聖画は、縦65cm、横57cmの板に描かれており、その全面を金の板で覆われている。見えているのは、聖母と幼子キリストの顔の部分だけだ。聖母の頭上には、金の天使が二人、黄金の王冠をかかげて飛んでいる。あまりにも周囲が光輝いているため、聖母とキリストの暗い褐色の顔が、なんだかみすぼらしく見えてしまうほどだ。これほど豪華な装飾がほどこされているというのは、かなりの人々に信奉されている、つまり寄付が多いということに他ならない。そういえば、あの全長4kmにも及ぼうかという参道の建築費用も、そのすべてが寄付によってまかなわれたそうだ。

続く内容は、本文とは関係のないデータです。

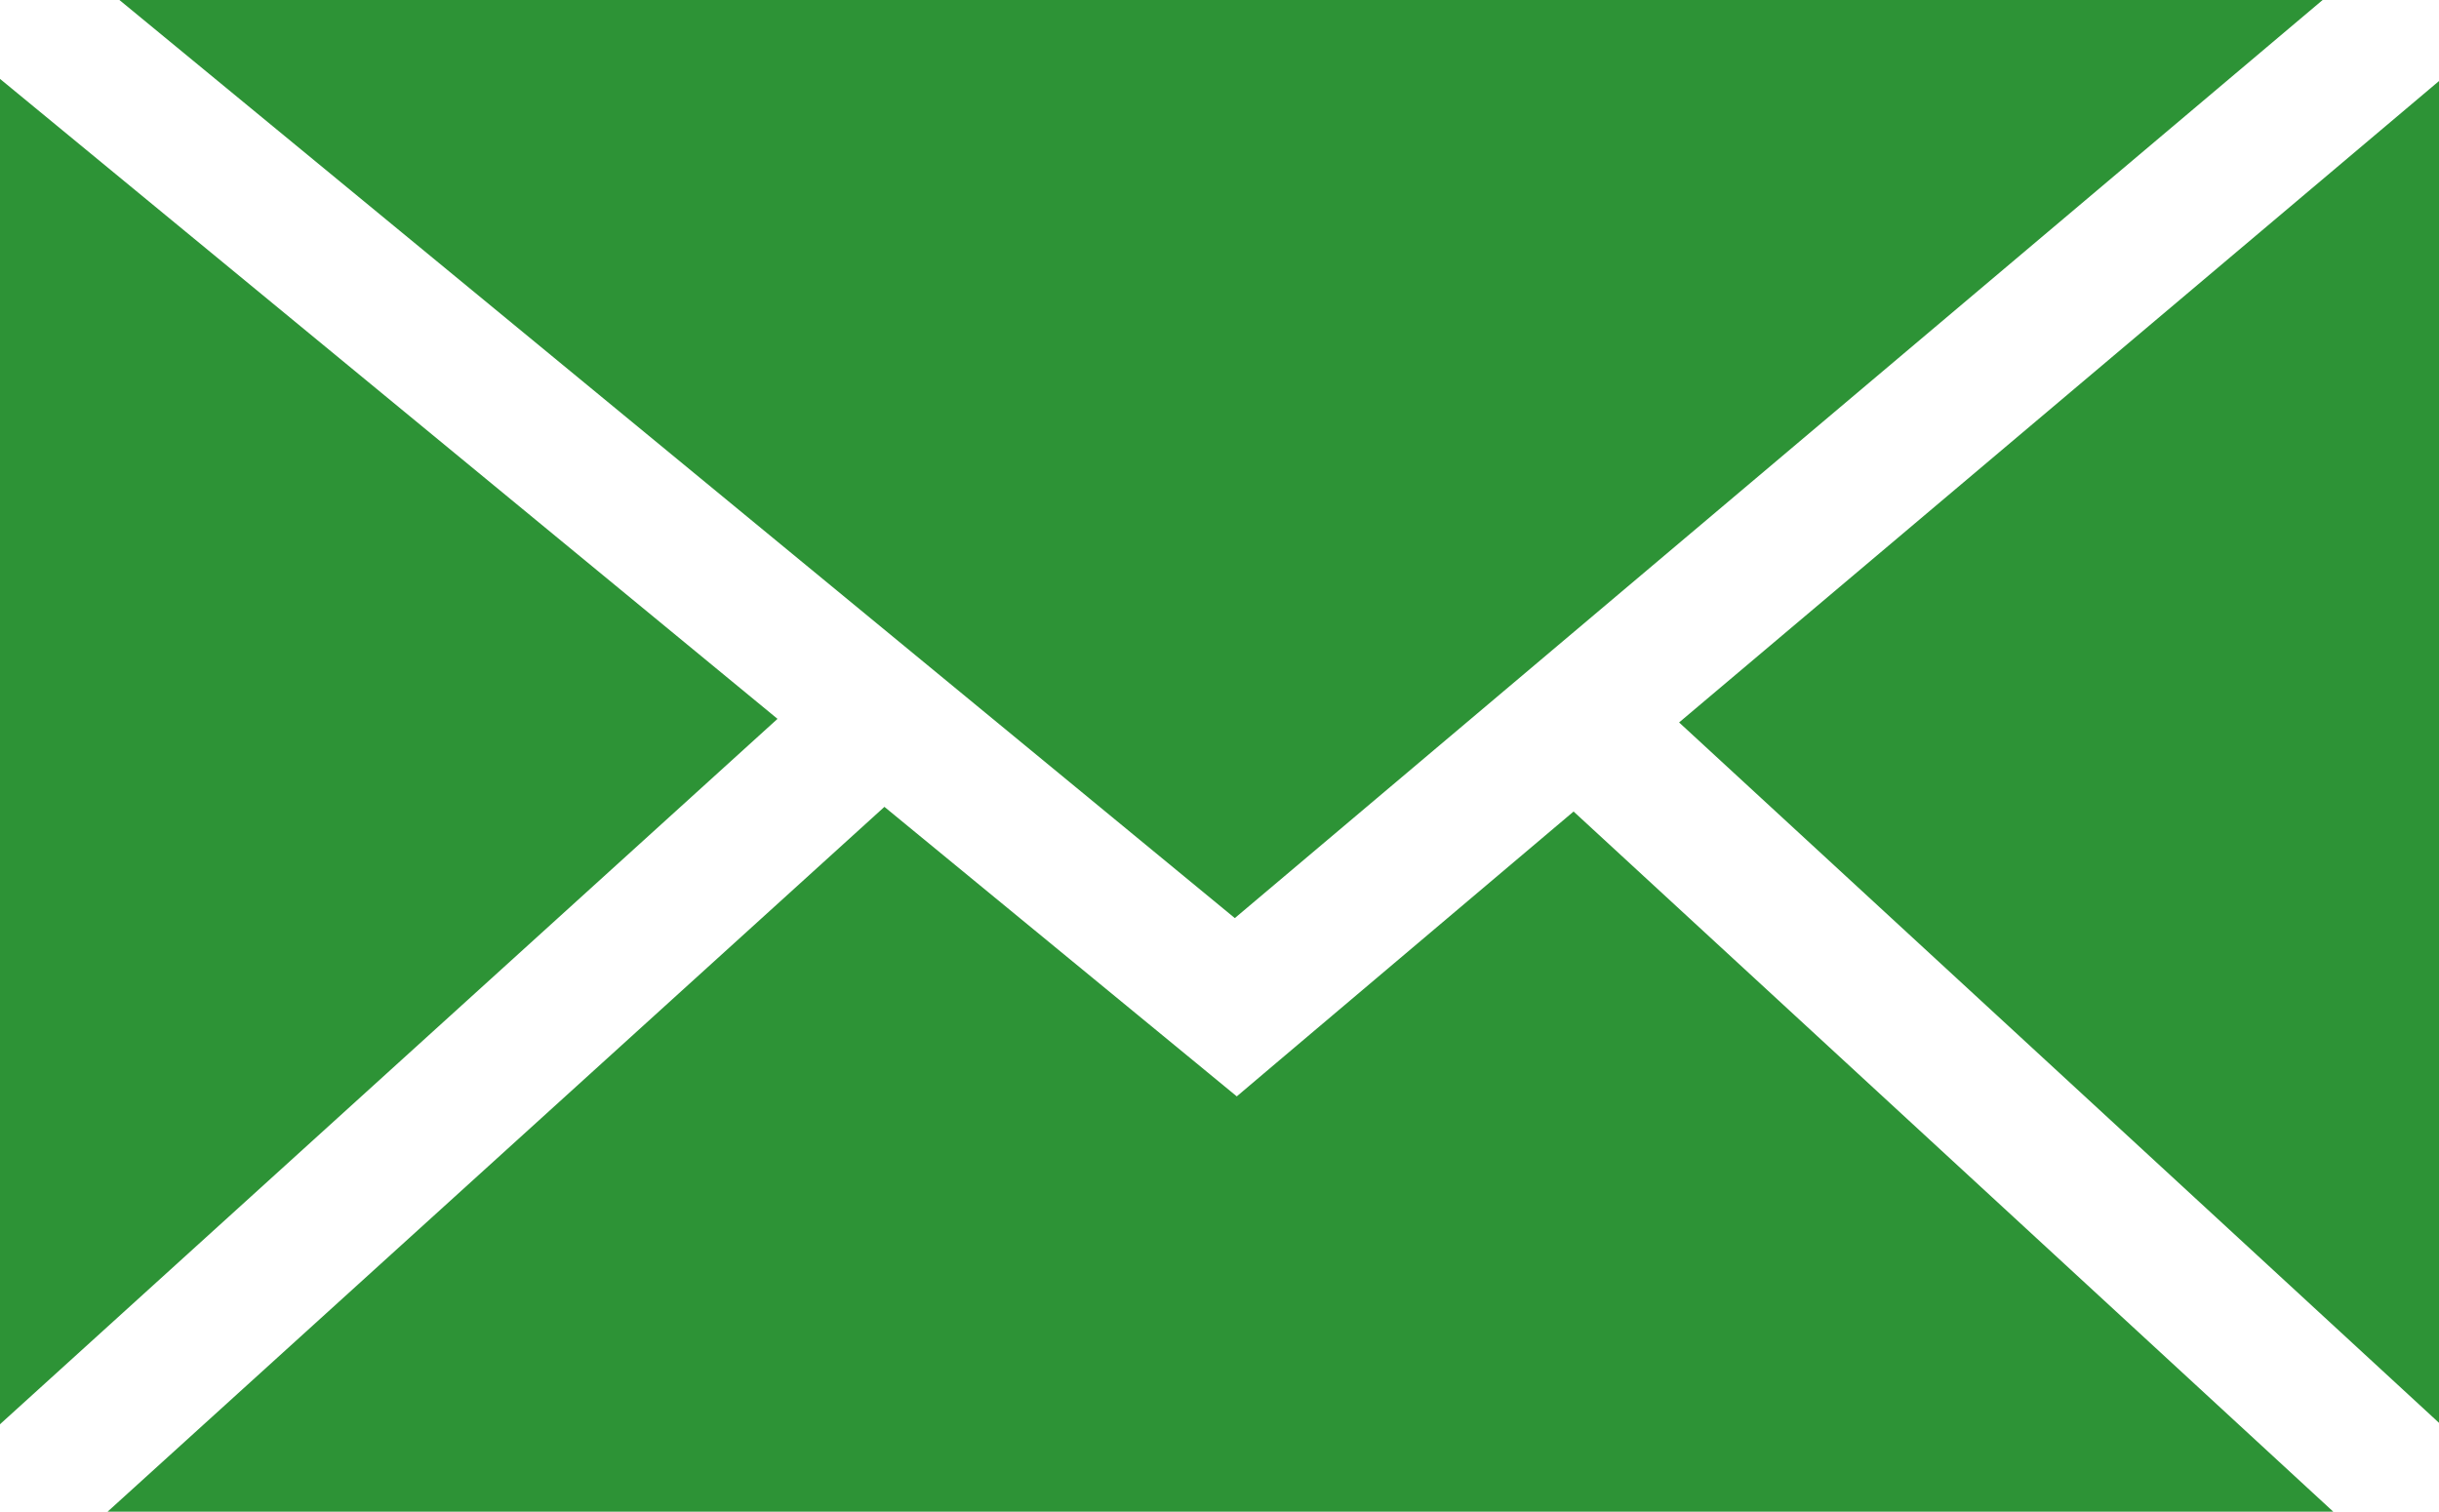 <svg xmlns="http://www.w3.org/2000/svg" width="22.448" height="13.915" viewBox="0 0 22.448 13.915">
  <path id="パス_6696" data-name="パス 6696" d="M1017.963,718.589l-7.156-5.891v12.384Zm.984.81-7.15,6.488h20.485l-6.992-6.445-2.7,2.283-.4.339-.406-.334Zm7.314-.777,6.994,6.447V712.718Zm5.923-6.65h-20.278l10.266,8.451Z" transform="translate(-1010.807 -711.972)" fill="#2D9336" fill-rule="evenodd"/>
</svg>
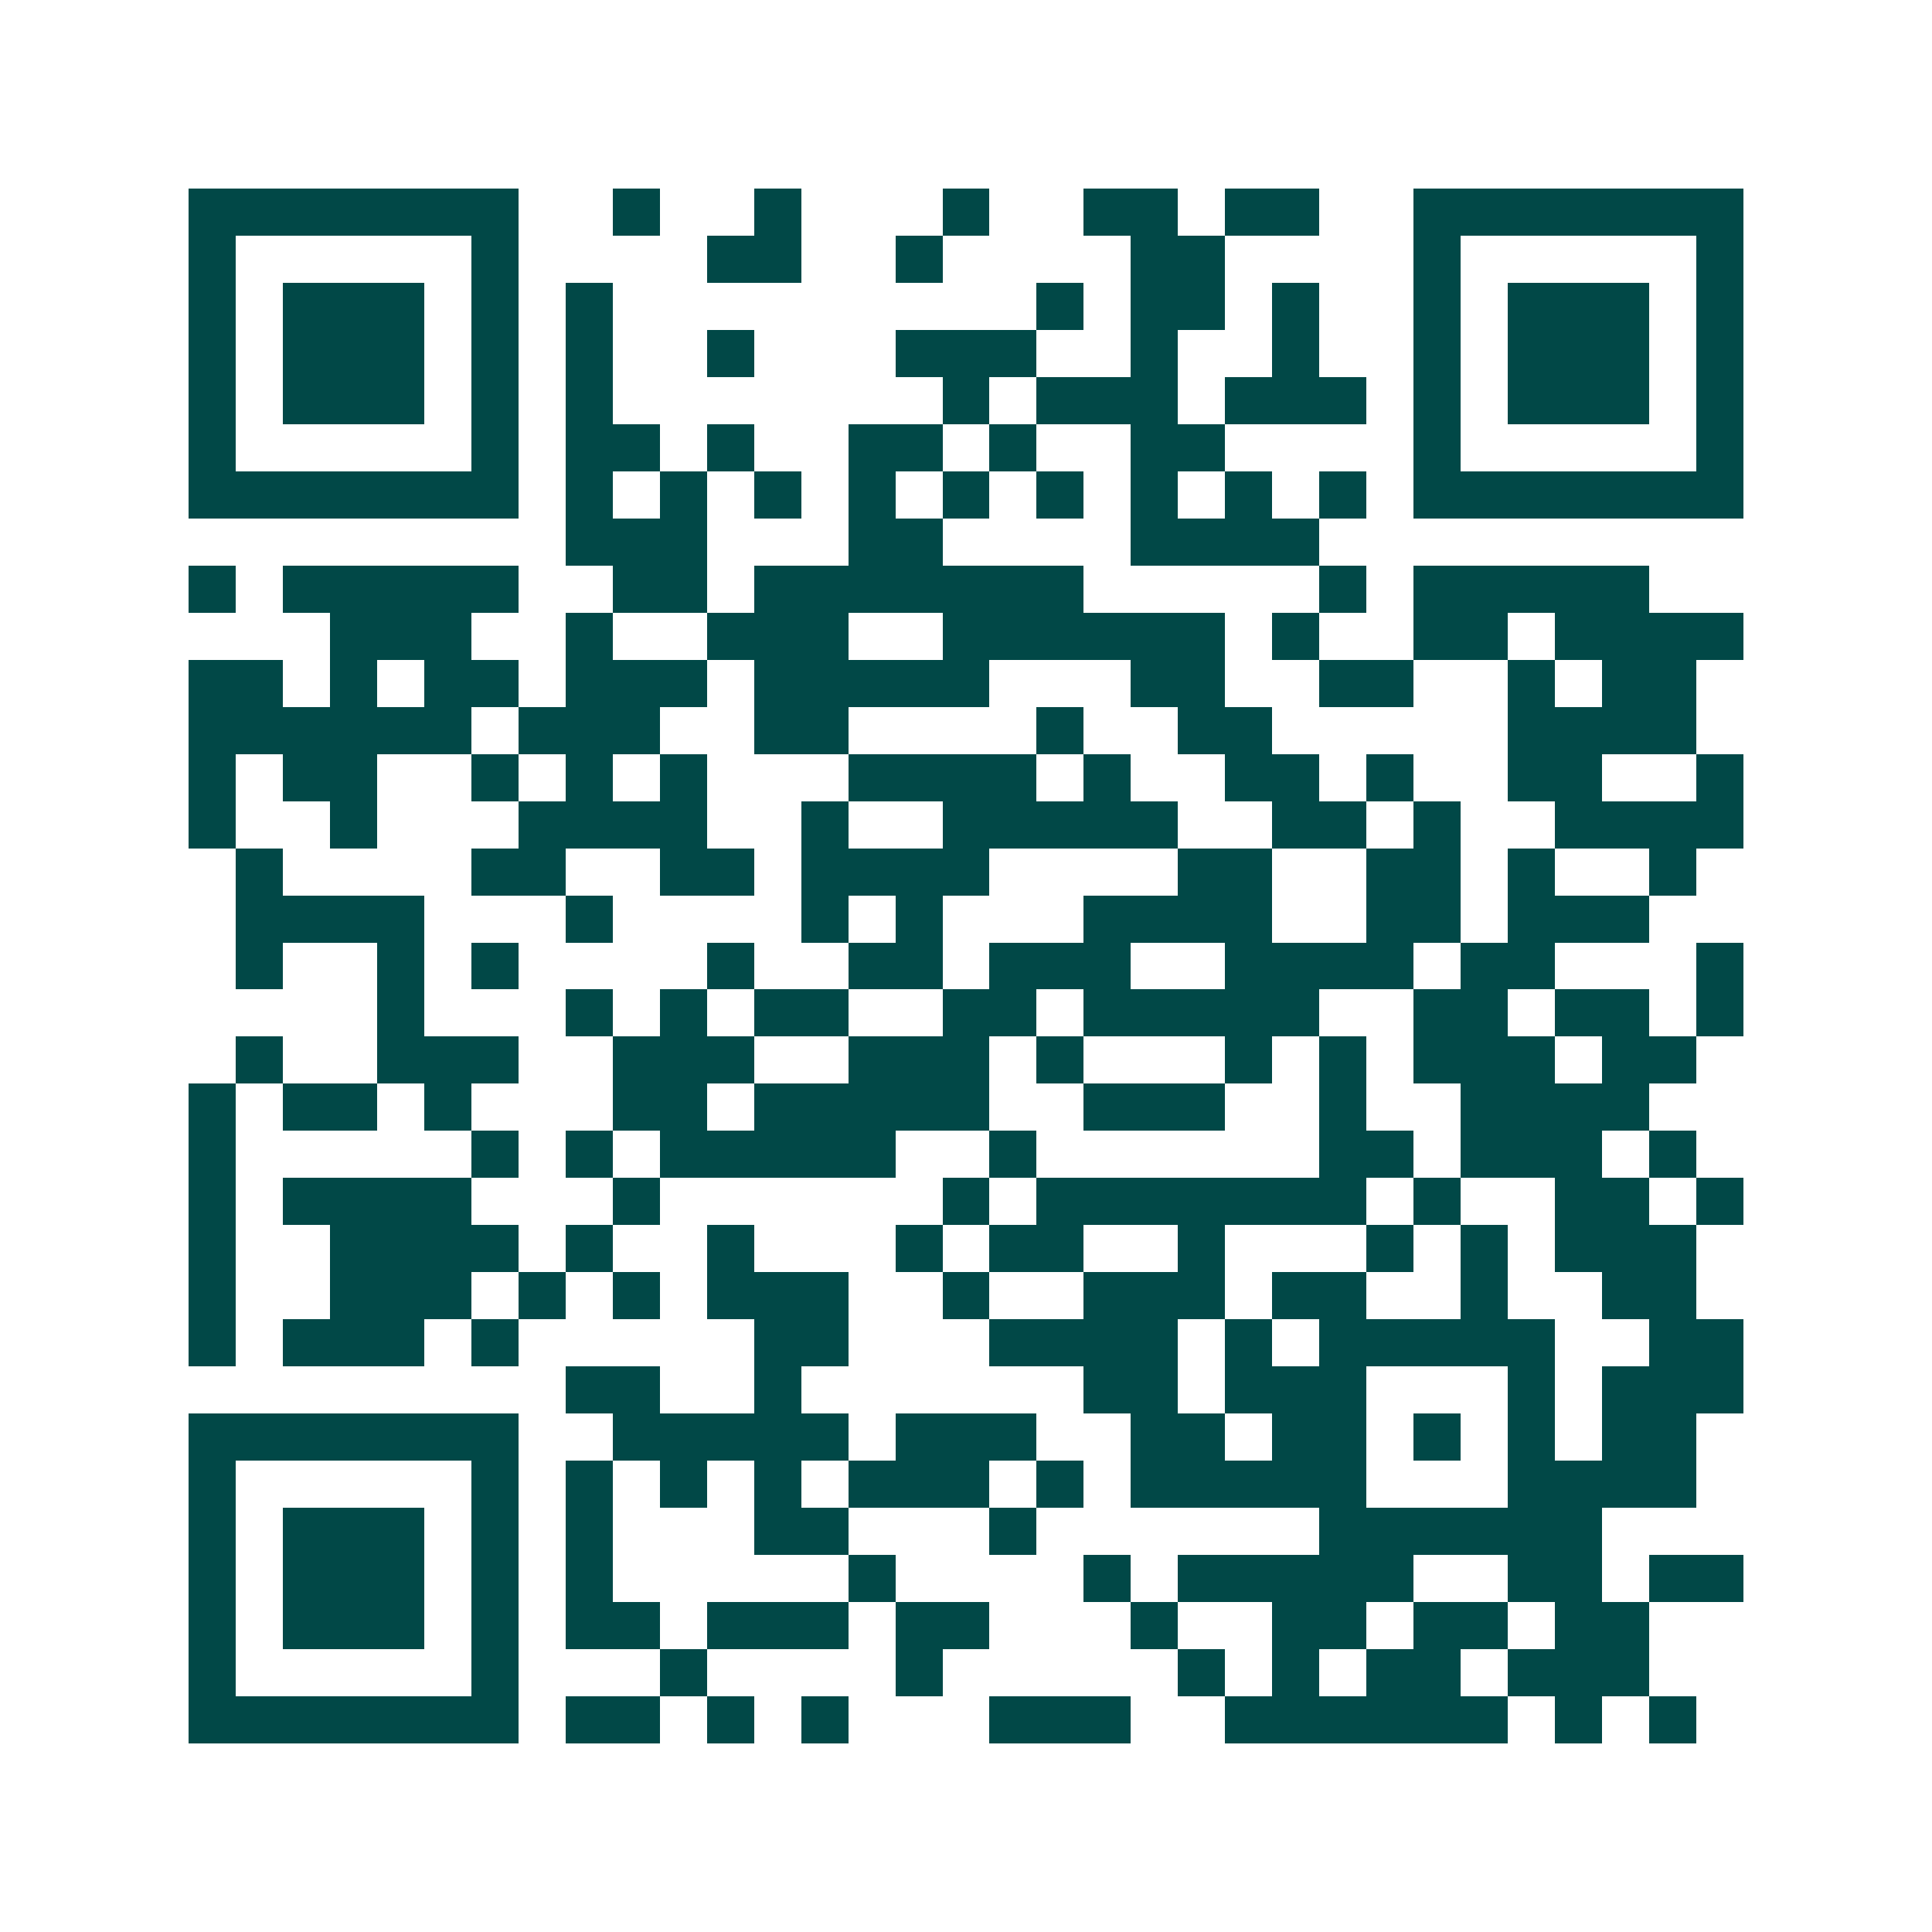 <svg xmlns="http://www.w3.org/2000/svg" width="200" height="200" viewBox="0 0 41 41" shape-rendering="crispEdges"><path fill="#ffffff" d="M0 0h41v41H0z"/><path stroke="#014847" d="M4 4.5h7m2 0h1m2 0h1m3 0h1m2 0h2m1 0h2m2 0h7M4 5.5h1m5 0h1m4 0h2m2 0h1m4 0h2m4 0h1m5 0h1M4 6.5h1m1 0h3m1 0h1m1 0h1m9 0h1m1 0h2m1 0h1m2 0h1m1 0h3m1 0h1M4 7.5h1m1 0h3m1 0h1m1 0h1m2 0h1m3 0h3m2 0h1m2 0h1m2 0h1m1 0h3m1 0h1M4 8.5h1m1 0h3m1 0h1m1 0h1m7 0h1m1 0h3m1 0h3m1 0h1m1 0h3m1 0h1M4 9.5h1m5 0h1m1 0h2m1 0h1m2 0h2m1 0h1m2 0h2m4 0h1m5 0h1M4 10.5h7m1 0h1m1 0h1m1 0h1m1 0h1m1 0h1m1 0h1m1 0h1m1 0h1m1 0h1m1 0h7M12 11.5h3m3 0h2m4 0h4M4 12.5h1m1 0h5m2 0h2m1 0h7m5 0h1m1 0h5M7 13.5h3m2 0h1m2 0h3m2 0h6m1 0h1m2 0h2m1 0h4M4 14.5h2m1 0h1m1 0h2m1 0h3m1 0h5m3 0h2m2 0h2m2 0h1m1 0h2M4 15.5h6m1 0h3m2 0h2m4 0h1m2 0h2m5 0h4M4 16.5h1m1 0h2m2 0h1m1 0h1m1 0h1m3 0h4m1 0h1m2 0h2m1 0h1m2 0h2m2 0h1M4 17.5h1m2 0h1m3 0h4m2 0h1m2 0h5m2 0h2m1 0h1m2 0h4M5 18.5h1m4 0h2m2 0h2m1 0h4m4 0h2m2 0h2m1 0h1m2 0h1M5 19.5h4m3 0h1m4 0h1m1 0h1m3 0h4m2 0h2m1 0h3M5 20.5h1m2 0h1m1 0h1m4 0h1m2 0h2m1 0h3m2 0h4m1 0h2m3 0h1M8 21.5h1m3 0h1m1 0h1m1 0h2m2 0h2m1 0h5m2 0h2m1 0h2m1 0h1M5 22.5h1m2 0h3m2 0h3m2 0h3m1 0h1m3 0h1m1 0h1m1 0h3m1 0h2M4 23.5h1m1 0h2m1 0h1m3 0h2m1 0h5m2 0h3m2 0h1m2 0h4M4 24.5h1m5 0h1m1 0h1m1 0h5m2 0h1m6 0h2m1 0h3m1 0h1M4 25.5h1m1 0h4m3 0h1m6 0h1m1 0h7m1 0h1m2 0h2m1 0h1M4 26.5h1m2 0h4m1 0h1m2 0h1m3 0h1m1 0h2m2 0h1m3 0h1m1 0h1m1 0h3M4 27.5h1m2 0h3m1 0h1m1 0h1m1 0h3m2 0h1m2 0h3m1 0h2m2 0h1m2 0h2M4 28.5h1m1 0h3m1 0h1m5 0h2m3 0h4m1 0h1m1 0h5m2 0h2M12 29.5h2m2 0h1m6 0h2m1 0h3m3 0h1m1 0h3M4 30.5h7m2 0h5m1 0h3m2 0h2m1 0h2m1 0h1m1 0h1m1 0h2M4 31.5h1m5 0h1m1 0h1m1 0h1m1 0h1m1 0h3m1 0h1m1 0h5m3 0h4M4 32.5h1m1 0h3m1 0h1m1 0h1m3 0h2m3 0h1m6 0h6M4 33.5h1m1 0h3m1 0h1m1 0h1m5 0h1m4 0h1m1 0h5m2 0h2m1 0h2M4 34.5h1m1 0h3m1 0h1m1 0h2m1 0h3m1 0h2m3 0h1m2 0h2m1 0h2m1 0h2M4 35.5h1m5 0h1m3 0h1m4 0h1m5 0h1m1 0h1m1 0h2m1 0h3M4 36.5h7m1 0h2m1 0h1m1 0h1m3 0h3m2 0h6m1 0h1m1 0h1"/></svg>

この小さな絵が人々の関心をおおいに集め始めたのは、1433年のことである。
その年の春、ボローニャは大雨や雹といった悪天候に見舞われていた。このままでは作物がすべてダメになってしまう、と人々が絶望しかけていたときに、ひとりの法律家が、フィレンツェの例を引き合いに出した。その百年ほど前からフィレンツェでは、洪水や大雨から町を守るため、聖母子像を担いで行列を行なっていたのだ。その絵というのが、聖人ルーカによって描かれたとされる作品であった。同じものがボローニャにもあるじゃないか、と、まさに人々は藁にもすがる思いで、聖母子像を町まで運ぶことにしたのである。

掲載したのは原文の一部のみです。